# Any interest in a Lansing Meetup?



## Lego&Jacub (Jul 18, 2006)

Just checking... hubby and I can always just slip over to Lake Orion again if not... but thought I'd ask.


----------



## monomer (Apr 21, 2005)

Sure Sandra... you call it, we'll be there... just not August 16 as that's the date I've chosen for the 2nd Annual GRF Muskegon Dog Beach get together for this year (or August 23 either as my wife is working that Saturday). Whaddaya think? I'll put up a thread about the Muskegon meet-up tonight.

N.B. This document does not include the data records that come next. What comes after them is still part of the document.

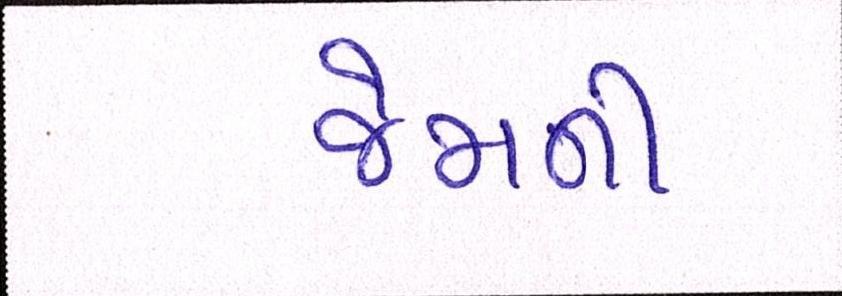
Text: જેમની
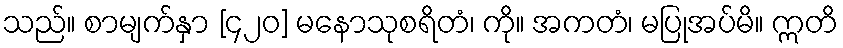
သည်။ စာမျက်နှာ [၄၂၀] မနောသုစရိတံ၊ ကို။ အကတံ၊ မပြုအပ်မိ။ ဣတိ
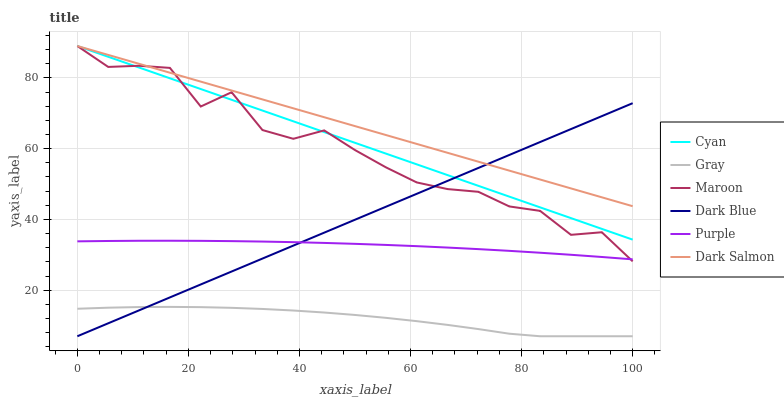
| xaxis_label | Cyan | Gray | Maroon | Dark Blue | Purple | Dark Salmon |
 | --- | --- | --- | --- | --- | --- | --- |
 | 0 | 89 | 14.8 | 89 | 7 | 33.8 | 89 |
 | 5.56 | 86 | 15.1 | 83.1 | 10.7 | 33.9 | 86.5 |
 | 11.1 | 82.9 | 15.2 | 83.4 | 14.3 | 34 | 84 |
 | 16.7 | 79.9 | 15.3 | 82.8 | 18 | 34 | 81.5 |
 | 22.2 | 76.8 | 15.2 | 71.9 | 21.6 | 34 | 78.9 |
 | 27.8 | 73.8 | 15 | 75.9 | 25.3 | 33.9 | 76.4 |
 | 33.3 | 70.8 | 14.7 | 65.3 | 28.9 | 33.8 | 73.9 |
 | 38.9 | 67.7 | 14.3 | 62.8 | 32.6 | 33.6 | 71.4 |
 | 44.4 | 64.7 | 13.7 | 65.2 | 36.3 | 33.4 | 68.9 |
 | 50 | 61.6 | 13 | 59.6 | 39.9 | 33.1 | 66.4 |
 | 55.6 | 58.6 | 12.2 | 54.7 | 43.6 | 32.8 | 63.9 |
 | 61.1 | 55.6 | 11.3 | 50.5 | 47.2 | 32.5 | 61.3 |
 | 66.7 | 52.5 | 10.2 | 48.6 | 50.9 | 32.1 | 58.8 |
 | 72.2 | 49.5 | 9.03 | 47.8 | 54.6 | 31.6 | 56.3 |
 | 77.8 | 46.5 | 7.72 | 43.7 | 58.2 | 31.1 | 53.8 |
 | 83.3 | 43.4 | 7 | 42.4 | 61.9 | 30.6 | 51.3 |
 | 88.9 | 40.4 | 7 | 35.7 | 65.5 | 30 | 48.8 |
 | 94.4 | 37.3 | 7 | 36.4 | 69.2 | 29.4 | 46.3 |
 | 100 | 34.3 | 7 | 28.2 | 72.8 | 28.7 | 43.7 |
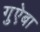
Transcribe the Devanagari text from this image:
गुऐबा
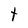
Character: t
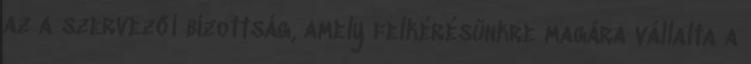
az a szervezői bizottság, amely felkérésünkre magára vállalta a
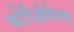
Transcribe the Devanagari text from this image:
कोरिओलेनस
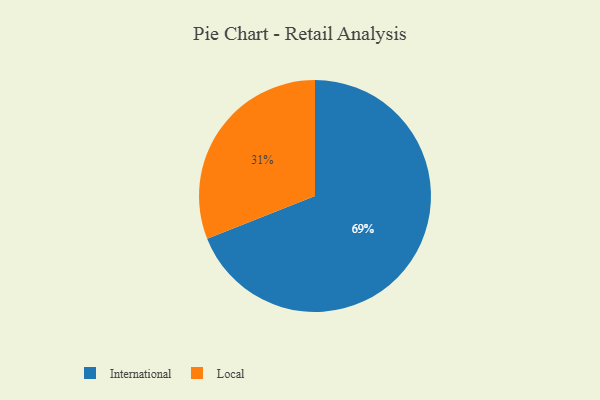
{"axis": {"x": "Category", "y": "Percentage"}, "legend": ["International", "Local"], "data": [{"x": "International", "y": 69, "type": "International"}, {"x": "Local", "y": 31, "type": "Local"}]}
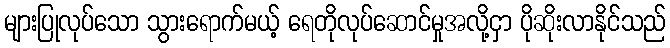
များပြုလုပ်သော သွားရောက်မယ့် ရေတိုလုပ်ဆောင်မှုအလို့ငှာ ပိုဆိုးလာနိုင်သည်
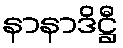
နာနာဒိဋ္ဌီ
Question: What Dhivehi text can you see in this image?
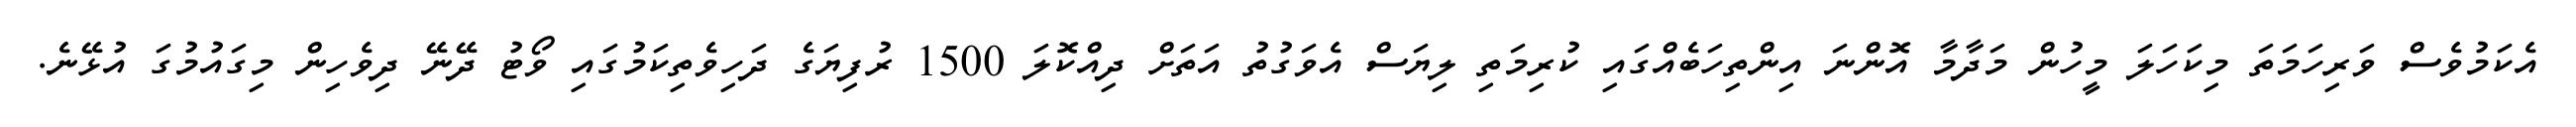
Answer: އެކަމުވެސް ވަރިހަމަތަ މިކަހަލަ މީހުން މަދާމާ އޮންނަ އިންތިހަބެއްގައި ކުރިމަތި ލިޔަސް އެވަގުތު އަތަށް ދިއްކޮލަ 1500 ރުފިޔަގެ ދަހިވެތިކަމުގައި ވޯޓު ދޭނޭ ދިވެހިން މިގައުމުގަ އުޅޭނެ.
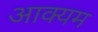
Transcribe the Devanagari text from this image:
आक्यम
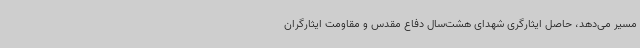
مسیر می‌دهد، حاصل ایثارگری شهدای هشت‌سال دفاع مقدس و مقاومت ایثارگران
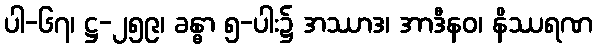
ပါ-၆၇၊ ဋ္ဌ-၂၅၉၊ ခန္ဓာ ၅-ပါး၌ အဿာဒ၊ အာဒီနဝ၊ နိဿရဏ
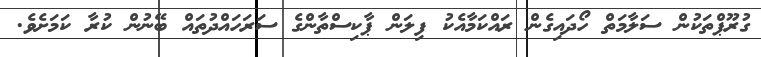
ގުރޫޕްތަކުން ސަލާމަތް ހޯދައިގެން ރައްކަމާއެކު ފިލަން ޕާކިސްތާންގެ ސަރަހައްދުތައް ބޭނުން ކުރާ ކަމަށެވެ.
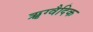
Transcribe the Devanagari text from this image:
ॠग्वैदिक
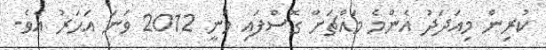
ކުރިން މިއަދަދު އެންމެ މައްޗަށް ގޮސްފައި ވަނީ 2012 ވަނަ އަހަރު އެވެ.
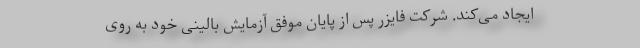
ایجاد می‌کند. شرکت فایزر پس از پایان موفق آزمایش بالینی خود به روی
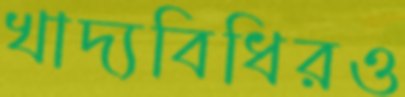
খাদ্যবিধিরও
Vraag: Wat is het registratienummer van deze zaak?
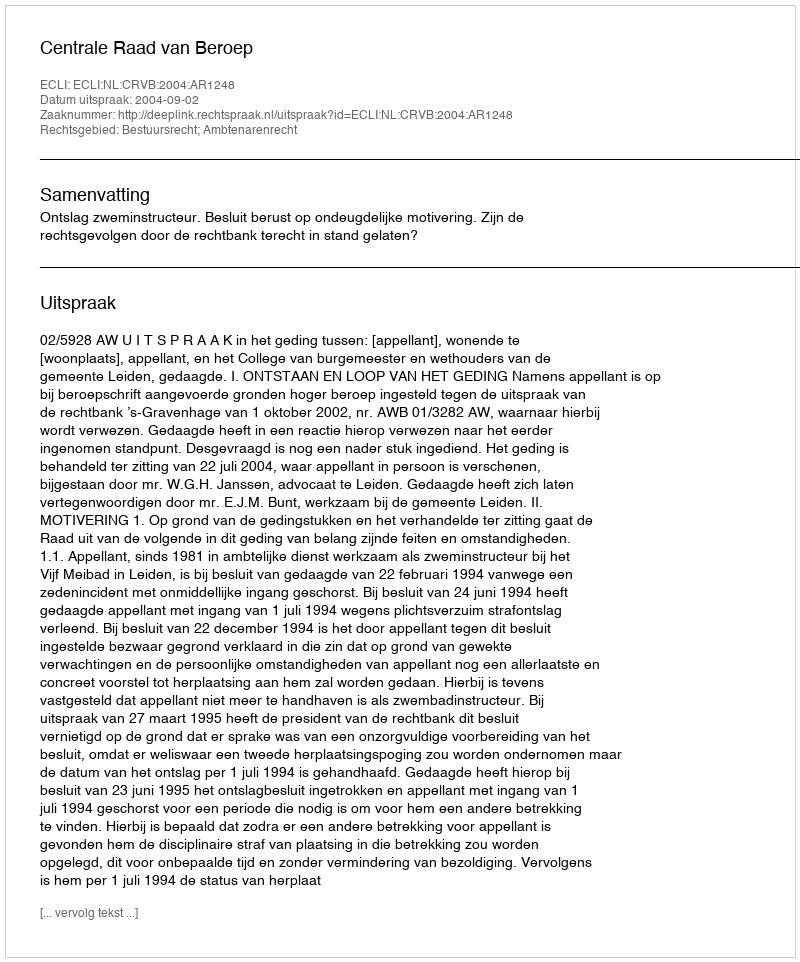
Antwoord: http://deeplink.rechtspraak.nl/uitspraak?id=ECLI:NL:CRVB:2004:AR1248
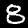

Okay so far, that's 4 dogs and 4 people available for a Lansing meet-up... hope you can get more Michiganders to commit too (of course dogs/people from other places are always welcomed to attend these things as well).


----------



## FranH (May 8, 2005)

August 23 is my only available weekend. We have company the weekend of the 16th.


----------



## marshab1 (Aug 28, 2006)

Lansing sounds good. Just not next weekend or the 23rd.


----------



## breec3 (Jan 7, 2008)

I am going to be taking Comet and Sadie to Cass Lake this weekend. That is their favorite hang out. They can be off leash in the water and they just have a blast.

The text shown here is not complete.